Cuba played a significant role in the Cold War chess match until the collapse of the U.S.S.R. in the early 90s. The U.S. added Cuba to its list of state sponsors of terror in 1982. And throughout, it has maintained concerns over Cuba’s record of human rights issues.

What has Bernie said about Cuba?

Bernie supports normalizing relations between the two nations and removing the economic embargo, which he argues is costing American businesses billions of dollars.

In April 2009, President Barack Obama reduced some of the travel and cellular restrictions between the U.S. and Cuba. Both countries were open to dialogue until the capture and detention of U.S. Agency for International Development subcontractor Alan Gross in Havana in December of that year. After five years of imprisonment, Gross was released in a prisoner swap.

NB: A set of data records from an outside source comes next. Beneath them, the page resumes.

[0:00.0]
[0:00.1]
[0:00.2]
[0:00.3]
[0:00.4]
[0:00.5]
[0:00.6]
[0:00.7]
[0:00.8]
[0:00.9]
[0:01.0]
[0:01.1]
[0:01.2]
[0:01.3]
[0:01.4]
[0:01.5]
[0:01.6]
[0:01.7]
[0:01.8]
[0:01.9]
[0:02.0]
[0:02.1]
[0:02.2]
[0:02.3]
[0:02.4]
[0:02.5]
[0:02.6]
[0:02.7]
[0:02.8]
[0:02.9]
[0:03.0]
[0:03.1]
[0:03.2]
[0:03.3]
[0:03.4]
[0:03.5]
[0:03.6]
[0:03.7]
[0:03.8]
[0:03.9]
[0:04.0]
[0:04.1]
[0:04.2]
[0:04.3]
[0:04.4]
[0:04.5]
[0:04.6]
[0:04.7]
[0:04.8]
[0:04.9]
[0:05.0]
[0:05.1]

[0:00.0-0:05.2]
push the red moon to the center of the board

In February 2014, Bernie shared his hope that “Cuba moves toward a more democratic society while, at the same time, the United States will respect the independence of the Cuban people.” He was part of a U.S. delegation that traveled to Cuba in 2014 to discuss trade, healthcare, and human rights issues in Havana.

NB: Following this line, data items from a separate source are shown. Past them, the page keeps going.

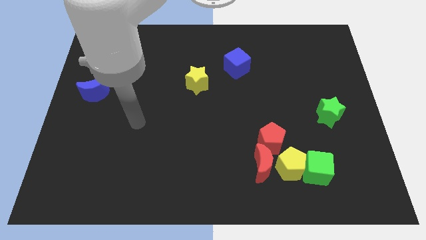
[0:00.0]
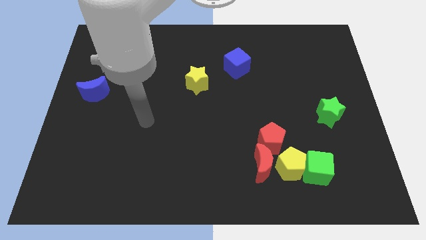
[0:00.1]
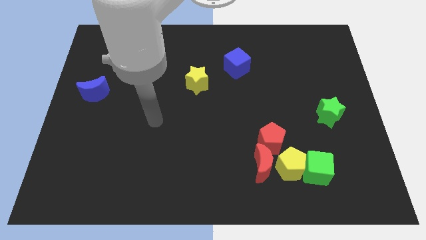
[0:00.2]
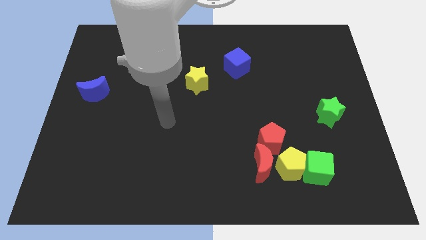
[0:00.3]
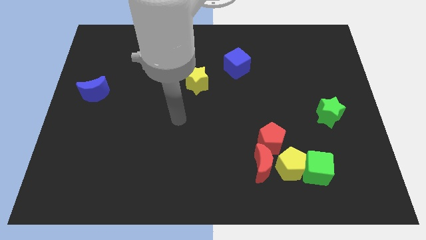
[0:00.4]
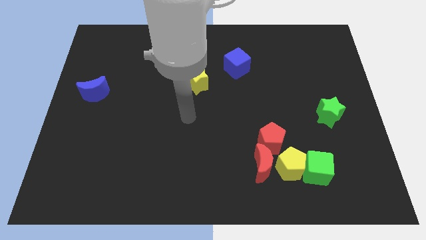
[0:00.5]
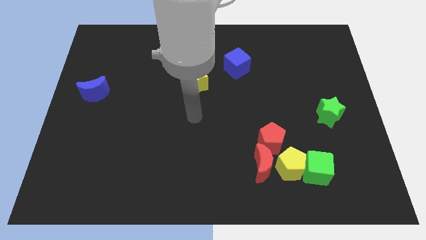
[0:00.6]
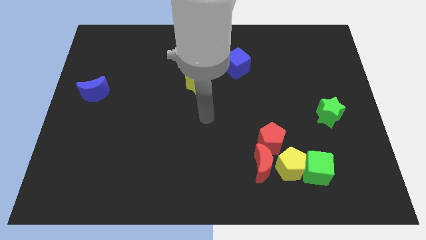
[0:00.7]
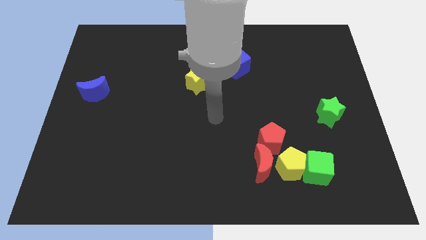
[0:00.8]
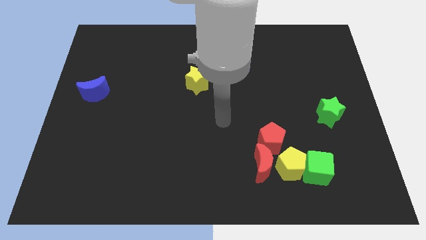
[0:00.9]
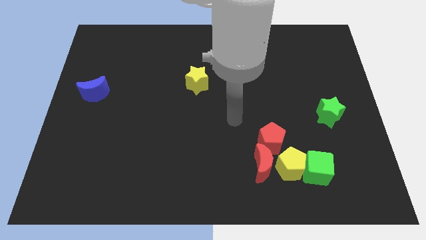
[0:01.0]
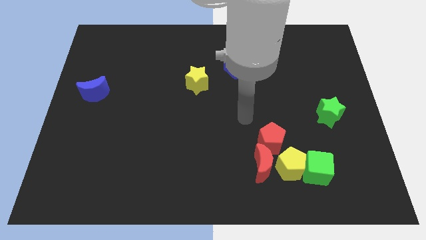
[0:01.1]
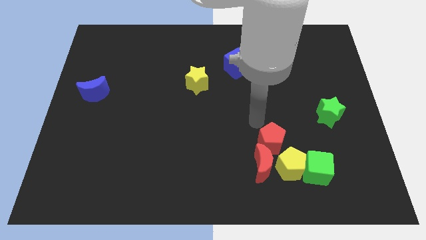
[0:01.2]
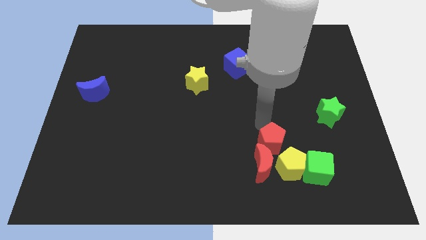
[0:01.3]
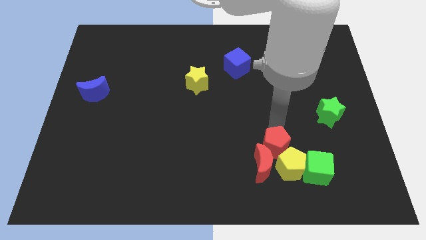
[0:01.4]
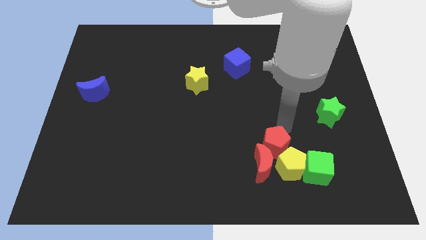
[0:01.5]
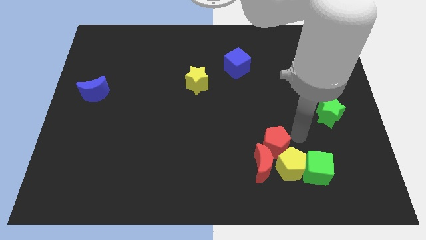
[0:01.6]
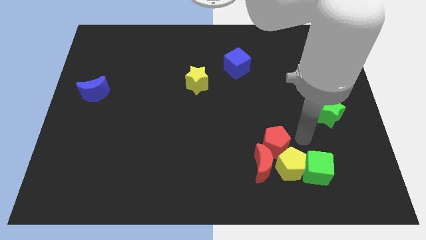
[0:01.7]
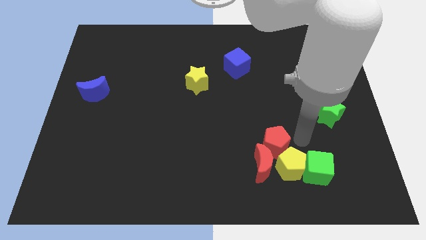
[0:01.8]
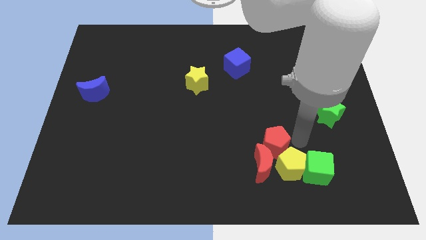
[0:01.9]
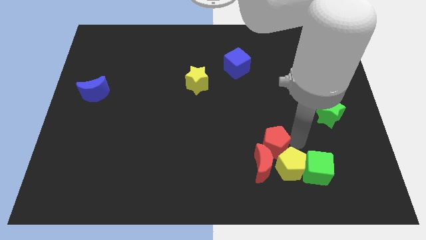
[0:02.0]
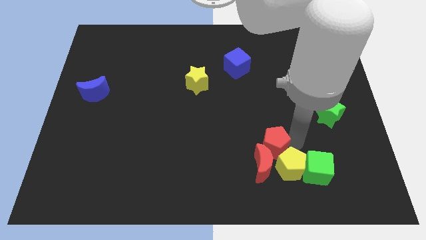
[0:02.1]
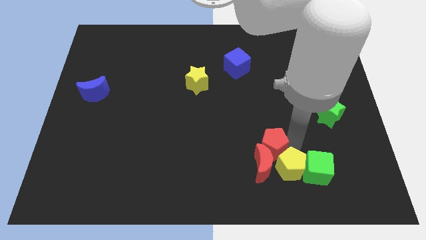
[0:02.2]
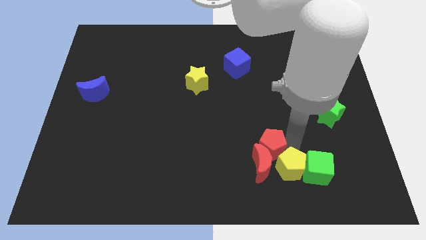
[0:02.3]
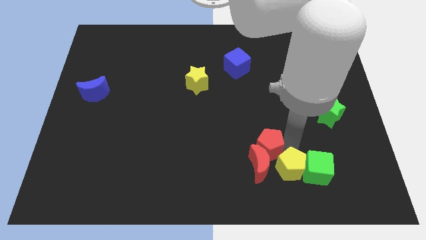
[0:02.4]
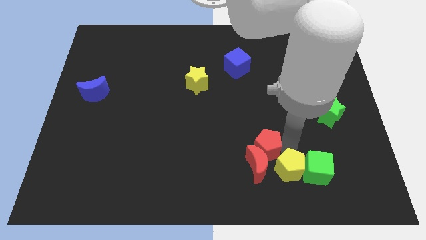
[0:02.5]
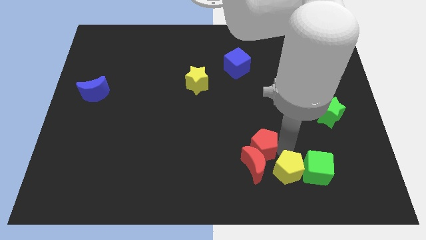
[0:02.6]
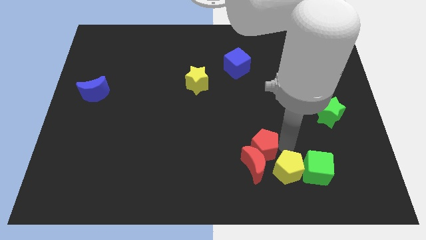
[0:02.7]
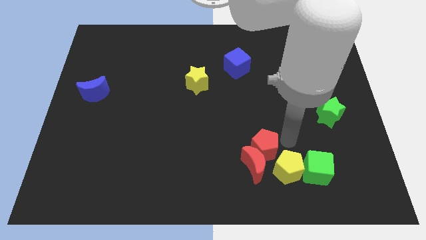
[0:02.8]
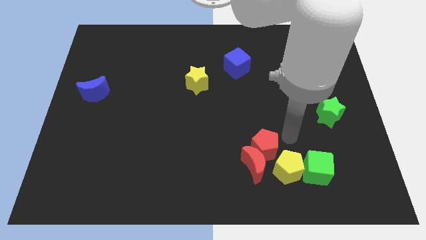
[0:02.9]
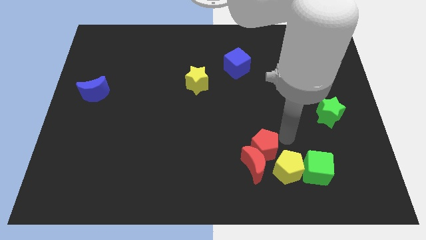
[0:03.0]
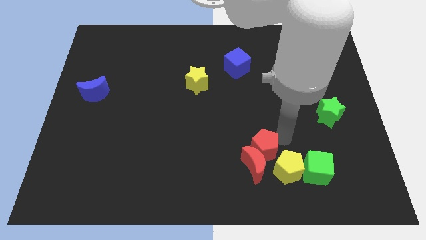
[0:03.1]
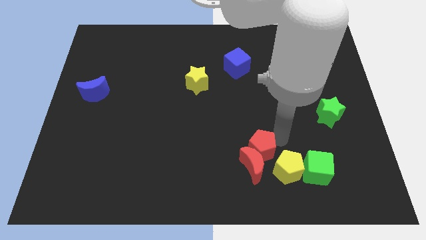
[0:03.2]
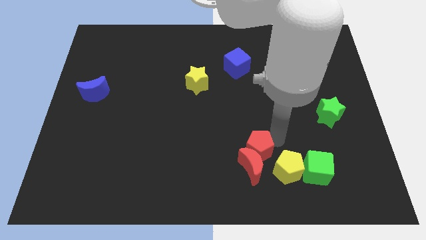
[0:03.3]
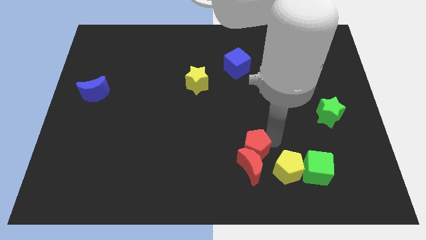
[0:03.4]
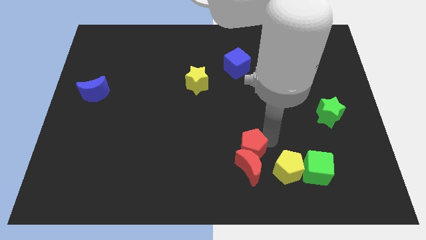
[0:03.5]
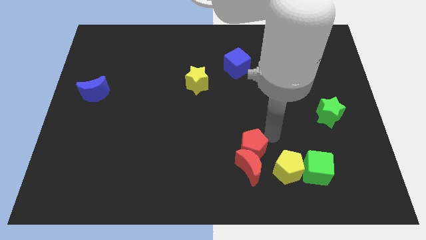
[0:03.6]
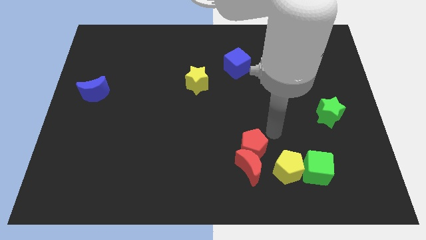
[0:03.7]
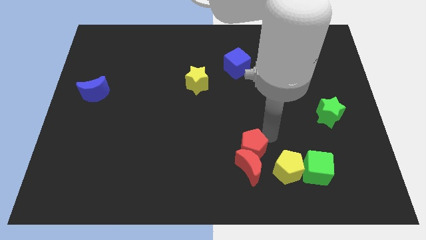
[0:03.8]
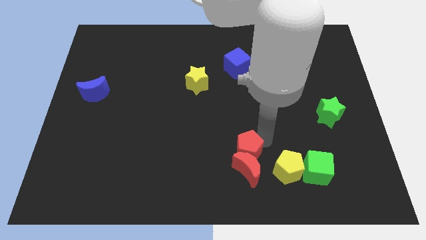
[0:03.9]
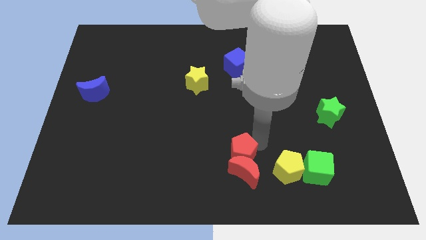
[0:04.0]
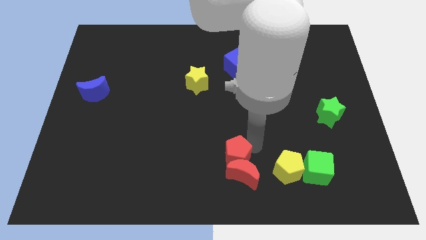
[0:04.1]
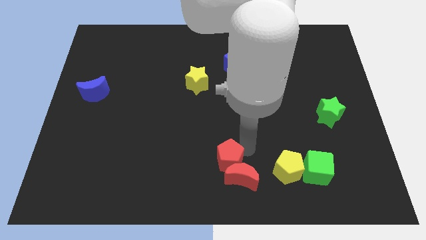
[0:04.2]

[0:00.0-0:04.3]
move the red pentagon to the bottom

Later in 2014, Bernie applauded President Obama’s announcements on discussions with Cuba, and in January 2015, he sponsored the Freedom to Travel to Cuba Act, which aimed to address the administration’s proposal to loosen restrictions on travel to Cuba and remove restrictions on travel-related banking transactions.

After half a century of Cold War tensions, President Obama and Raúl Castro held the first meeting between a U.S. and Cuban head of state since then-Vice President Richard Nixon met with Fidel Castro in 1959. These April 2015 talks served as a first step toward renewing diplomatic relations with Cuba and paved the way for incremental improvements, leading up to the re-opening of the U.S. embassy in Havana. Cuba was also removed from the state sponsors of terrorism list. The trade embargo, however, is still in place.

What’s the current state of affairs?

President Trump has reversed many of the previous administration’s attempts to normalize relations between the U.S. and Cuba. Cuba’s cooperation with Venezuela upset the U.S. administration, which threatened renewed sanctions and essentially declared economic war on Cuba that risks being detrimental and counterproductive.

In response to Cuban support for Venezuela, the U.S. is now enforcing long dormant sanctions provision that allow lawsuits to go forward against companies that use property that was nationalized by the Cuban government after the 1959 Revolution. Companies that have recently begun to do business in Cuba risk being sued for using state owned property including ports, land, farms, hotels, factories and other businesses that were owned 60 years ago by private companies and individuals.

Currently, food sales are made between a U.S. exporter and the Cuban state-run food importer, payment is made through a third-country bank. Because of the changes, financial institutions are reluctant to approve transactions in Cuba. Since 2001, U.S. farmers have sold nearly $6 billion in poultry, soy, and corn to Cuba so these sanctions are affecting the food supply to Cuba.

How about Bernie’s position on Guantánamo? That’s in Cuba, right?

Bernie supports closing the Guantánamo Bay detention camp that the United States maintains on the Cuban island, noting it has “significantly damaged the United States’ moral standing, undermined our foreign policy, and encourage terrorism rather than effectively combated it.”

His opinion refers to abuse and torture, as well as the unlawful detention of inmates at the military prison that Amnesty International has called a “gulag of our times.”

In 2009, Bernie voted against the proposals the Obama administration suggested for closing the prison. The bill was defeated with strong bipartisan support (90-6). Given Bernie’s human rights concerns regarding the facility, he voted against it because the plans did not address the human rights violations — including prisoners being held indefinitely without trial — that he and so many other Americans are most concerned about with regard to Guantánamo.